# M.A.S.D.S.C.T.N.A.K.



## TEX-O-BOB (Sep 12, 2007)

*Mechanical Arrow Shooting Devices So Complicated They Need A Kickstand*

This one needed it's own power source too...


----------



## Huge29 (Sep 17, 2007)

That is something!


----------



## TEX-O-BOB (Sep 12, 2007)

You're right, it IS something... Exactly what I dont know. Kinda looks a little like that contraption that northslope just spent his life savings on. May be he has an idea what we're looking at here...


----------



## bowhunt3r4l1f3 (Jan 12, 2011)

Is that optimus prime?


----------



## longbow (Mar 31, 2009)

What's all those cable thingys? Oh look, it has wheels too! Do you ride it?


----------



## TEX-O-BOB (Sep 12, 2007)

longbow said:


> What's all those cable thingys? Oh look, it has wheels too! Do you ride it?

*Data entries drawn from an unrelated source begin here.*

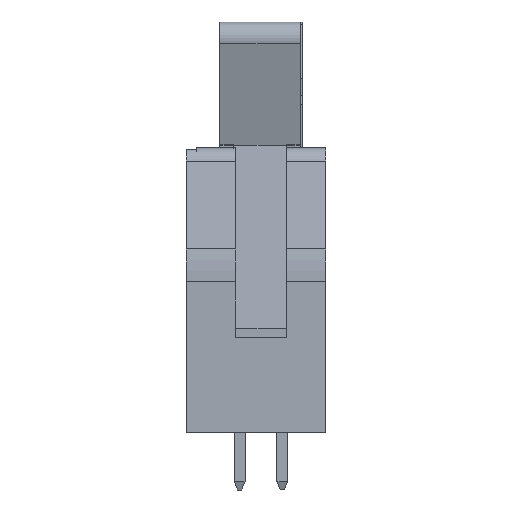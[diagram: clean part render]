
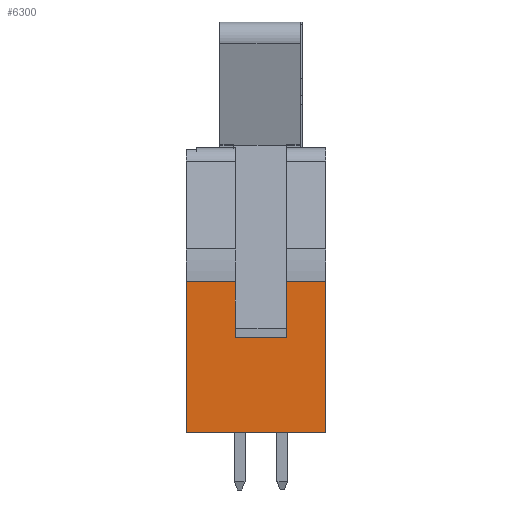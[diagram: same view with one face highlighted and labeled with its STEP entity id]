
A CAD part, left-side view. The second image highlights one B-rep face of the part: STEP entity #6300.
In plain terms, the highlighted planar face has unit normal (-1, 0, 0).
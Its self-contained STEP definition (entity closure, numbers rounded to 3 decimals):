
#828=ORIENTED_EDGE('',*,*,#2526,.T.);
#829=ORIENTED_EDGE('',*,*,#2449,.T.);
#830=ORIENTED_EDGE('',*,*,#2483,.F.);
#831=ORIENTED_EDGE('',*,*,#2400,.F.);
#832=ORIENTED_EDGE('',*,*,#2054,.T.);
#833=ORIENTED_EDGE('',*,*,#2527,.T.);
#834=ORIENTED_EDGE('',*,*,#2528,.F.);
#835=ORIENTED_EDGE('',*,*,#2529,.F.);
#2054=EDGE_CURVE('',#2965,#2964,#3568,.T.);
#2400=EDGE_CURVE('',#2965,#3273,#3886,.T.);
#2449=EDGE_CURVE('',#3307,#3308,#3927,.T.);
#2483=EDGE_CURVE('',#3273,#3308,#3954,.T.);
#2526=EDGE_CURVE('',#3350,#3307,#3994,.T.);
#2527=EDGE_CURVE('',#2964,#3351,#3995,.T.);
#2528=EDGE_CURVE('',#3352,#3351,#3996,.T.);
#2529=EDGE_CURVE('',#3350,#3352,#3997,.T.);
#2964=VERTEX_POINT('',#8608);
#2965=VERTEX_POINT('',#8610);
#3273=VERTEX_POINT('',#9317);
#3307=VERTEX_POINT('',#9410);
#3308=VERTEX_POINT('',#9412);
#3350=VERTEX_POINT('',#9556);
#3351=VERTEX_POINT('',#9558);
#3352=VERTEX_POINT('',#9560);
#3568=LINE('',#8609,#4411);
#3886=LINE('',#9316,#4729);
#3927=LINE('',#9413,#4770);
#3954=LINE('',#9475,#4797);
#3994=LINE('',#9555,#4837);
#3995=LINE('',#9557,#4838);
#3996=LINE('',#9559,#4839);
#3997=LINE('',#9561,#4840);
#4411=VECTOR('',#6968,1000.);
#4729=VECTOR('',#7448,1000.);
#4770=VECTOR('',#7529,1000.);
#4797=VECTOR('',#7588,1000.);
#4837=VECTOR('',#7664,1000.);
#4838=VECTOR('',#7665,1000.);
#4839=VECTOR('',#7666,1000.);
#4840=VECTOR('',#7667,1000.);
#5340=EDGE_LOOP('',(#828,#829,#830,#831,#832,#833,#834,#835));
#5691=FACE_BOUND('',#5340,.T.);
#6016=PLANE('',#6686);
#6300=ADVANCED_FACE('',(#5691),#6016,.T.);
#6686=AXIS2_PLACEMENT_3D('',#9554,#7662,#7663);
#6968=DIRECTION('',(0.,0.,1.));
#7448=DIRECTION('',(0.,1.,0.));
#7529=DIRECTION('',(0.,1.,0.));
#7588=DIRECTION('',(0.,0.,1.));
#7662=DIRECTION('',(-1.,0.,0.));
#7663=DIRECTION('',(0.,0.,1.));
#7664=DIRECTION('',(0.,0.,1.));
#7665=DIRECTION('',(0.,1.,0.));
#7666=DIRECTION('',(0.,0.,1.));
#7667=DIRECTION('',(0.,-1.,0.));
#8608=CARTESIAN_POINT('',(-22.45,-4.15,4.01));
#8609=CARTESIAN_POINT('',(-22.45,-4.15,-5.));
#8610=CARTESIAN_POINT('',(-22.45,-4.15,-5.));
#9316=CARTESIAN_POINT('',(-22.45,-4.15,-5.));
#9317=CARTESIAN_POINT('',(-22.45,4.15,-5.));
#9410=CARTESIAN_POINT('',(-22.45,1.225,4.01));
#9412=CARTESIAN_POINT('',(-22.45,4.15,4.01));
#9413=CARTESIAN_POINT('',(-22.45,-4.15,4.01));
#9475=CARTESIAN_POINT('',(-22.45,4.15,-5.));
#9554=CARTESIAN_POINT('',(-22.45,-4.15,-5.));
#9555=CARTESIAN_POINT('',(-22.45,1.225,0.7));
#9556=CARTESIAN_POINT('',(-22.45,1.225,0.7));
#9557=CARTESIAN_POINT('',(-22.45,-4.15,4.01));
#9558=CARTESIAN_POINT('',(-22.45,-1.825,4.01));
#9559=CARTESIAN_POINT('',(-22.45,-1.825,0.7));
#9560=CARTESIAN_POINT('',(-22.45,-1.825,0.7));
#9561=CARTESIAN_POINT('',(-22.45,1.225,0.7));

That's what I thought, but there's no seat... -Ov-


----------



## longbow (Mar 31, 2009)

They look pretty heavy. I wonder how much you'd get for scrap at Valley Metals?


----------



## 2full (Apr 8, 2010)

Bow as a primitive weapon ??????


----------



## TEX-O-BOB (Sep 12, 2007)

Yep! Got me a primitive in-line muzzle loader with a Shepard scope on it too. Shoots 3 inch groups at 400 yards! :O•-:


----------



## TEX-O-BOB (Sep 12, 2007)

longbow said:


> They look pretty heavy. I wonder how much you'd get for scrap at Valley Metals?


Unfortunately this one's made of space age carbon fibers. So no after market scrap value at all... But, it only weighs in at 9 pounds instead of the traditional 12.


----------



## north slope (Sep 8, 2007)

I forget who said it but it goes something like this: If the music is too loud your too old...


----------



## hunter_orange13 (Oct 11, 2008)

Of course it's heavy... It's a Hoyt! 
They're basically boat anchors.


----------



## TEX-O-BOB (Sep 12, 2007)

north slope said:


> I forget who said it but it goes something like this: If the music is too loud your too old...

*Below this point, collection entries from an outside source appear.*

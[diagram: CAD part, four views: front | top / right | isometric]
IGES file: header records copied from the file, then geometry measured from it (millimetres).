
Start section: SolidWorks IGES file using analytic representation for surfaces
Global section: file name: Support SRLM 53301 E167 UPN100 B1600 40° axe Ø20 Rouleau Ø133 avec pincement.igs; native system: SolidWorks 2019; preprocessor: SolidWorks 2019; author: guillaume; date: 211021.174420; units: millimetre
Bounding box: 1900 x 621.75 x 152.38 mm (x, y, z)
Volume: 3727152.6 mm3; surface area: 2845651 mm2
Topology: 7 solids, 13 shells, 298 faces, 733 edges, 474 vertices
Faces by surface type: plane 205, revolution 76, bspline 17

*WHAT!!!???* I cant hear you! My sound system is up too loud!

****! You should hear Metalica on 4 foot JBL's *-band-*


----------



## 2full (Apr 8, 2010)

****, maybe I should get me one of them newfangled bows or muzzleloaders, then I could get me a deer/elk/speed goat/turkey !!!!! They are purdy...


----------



## rdoggsilva (Apr 6, 2011)

Maybe I am getting old, will stick with my recurve. That looks to heavy and to complicated.


----------



## Mojo1 (Sep 8, 2007)

rdoggsilva said:


> Maybe I am getting old, will stick with my recurve. That looks to heavy and to complicated.

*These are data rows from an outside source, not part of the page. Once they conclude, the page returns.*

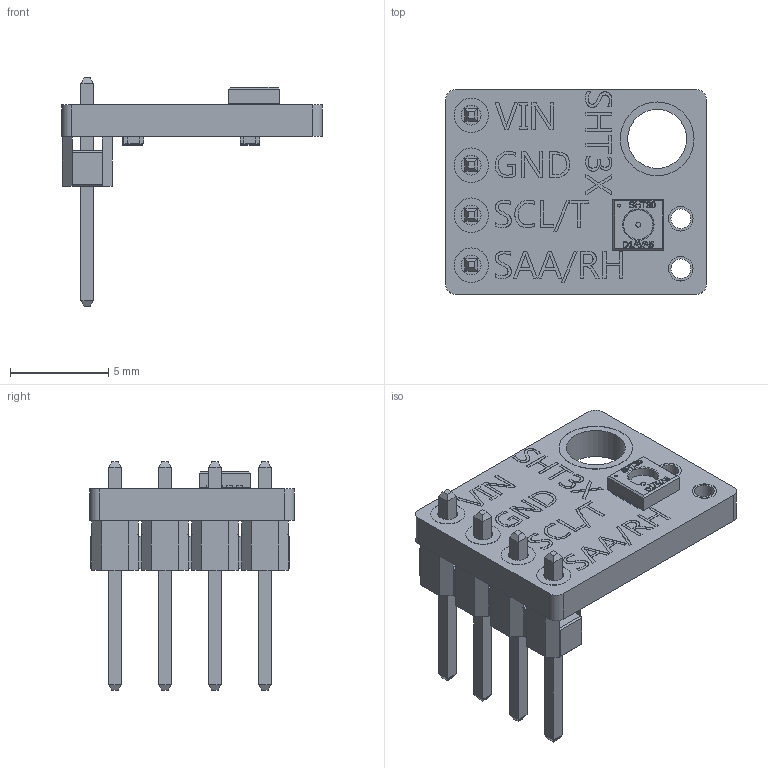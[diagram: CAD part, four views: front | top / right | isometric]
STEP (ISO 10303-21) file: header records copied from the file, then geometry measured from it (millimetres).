
FILE_DESCRIPTION(/* description */ (''),/* implementation_level */ '2;1');
FILE_NAME(/* name */ 'SHT30-Purple Straight Pins.step',/* time_stamp */ '2024-02-10T09:51:27-07:00',/* author */ (''),/* organization */ (''),/* preprocessor_version */ 'ST-DEVELOPER v20',/* originating_system */ 'Autodesk Translation Framework v12.20.1.177',/* authorisation */ '');
FILE_SCHEMA (('AUTOMOTIVE_DESIGN { 1 0 10303 214 3 1 1 }'));
Length unit declared in the file: millimetre
Products named in the file (15): SHT30-Purple; PCB; Components; Sensirion SHT3x-DIS v3; Model; C0402_045; C0402_045_1; Part 3; Part 2; Part 1; Resistor 0402; Pins; 4 Pin Male; body; pin
Assembly tree (20 placements, depth 5):
  SHT30-Purple
    PCB
    Components
      Sensirion SHT3x-DIS v3
        Model
      C0402_045  x2
        C0402_045_1
          Part 3
          Part 2
          Part 1
      Resistor 0402  x3
    Pins
      4 Pin Male
        body
        pin  x4
Bounding box: 13.25 x 10.4 x 11.6 mm (x, y, z)
Volume: 273 mm3; surface area: 664.3 mm2
Topology: 51 solids, 51 shells, 1392 faces, 3543 edges, 2307 vertices
Faces by surface type: plane 801, bspline 489, cylinder 85, sphere 16, torus 1
Full cylindrical faces by diameter (mm): 0.15 x1, 0.25 x1, 1 x6, 1.1 x1, 1.25 x4, 1.5 x1, 1.75 x8, 3 x1, 3.75 x2
Entity records: 37036 total; most frequent: CARTESIAN_POINT 12146, ORIENTED_EDGE 5638, DIRECTION 3729, EDGE_CURVE 2819, LINE 1941, VECTOR 1941, VERTEX_POINT 1851, EDGE_LOOP 1190

not to mention they seem to be a real pain in the a** to move through a crowd at the range, least that ones owner seemed to be having one the other night. :lol:


----------



## Finnegan (Sep 7, 2007)

That there's old school. No mounted laser range finder? And I don't see any titanium. Where's the iPad2 with the app for long range shots?

Some bows are for killing things.
Some bows are for scoring points on a target.
Some bows are for attracting attention.


----------



## stablebuck (Nov 22, 2007)

I recognize that Elite Synergy behind the kickstand bows...ut1031 in the house!


----------



## 2full (Apr 8, 2010)

+1 big time Finnegan.


----------



## 5wtrod (Sep 25, 2007)

No scrape value?? Heck they must be cheap then, order me 2 or 3 of em'.......


----------



## TEX-O-BOB (Sep 12, 2007)

Finnegan said:


> That there's old school. No mounted laser range finder? And I don't see any titanium. Where's the iPad2 with the app for long range shots?
> 
> Some bows are for killing things.
> Some bows are for scoring points on a target.
> Some bows are for attracting attention.


 :lol: _(O)_


----------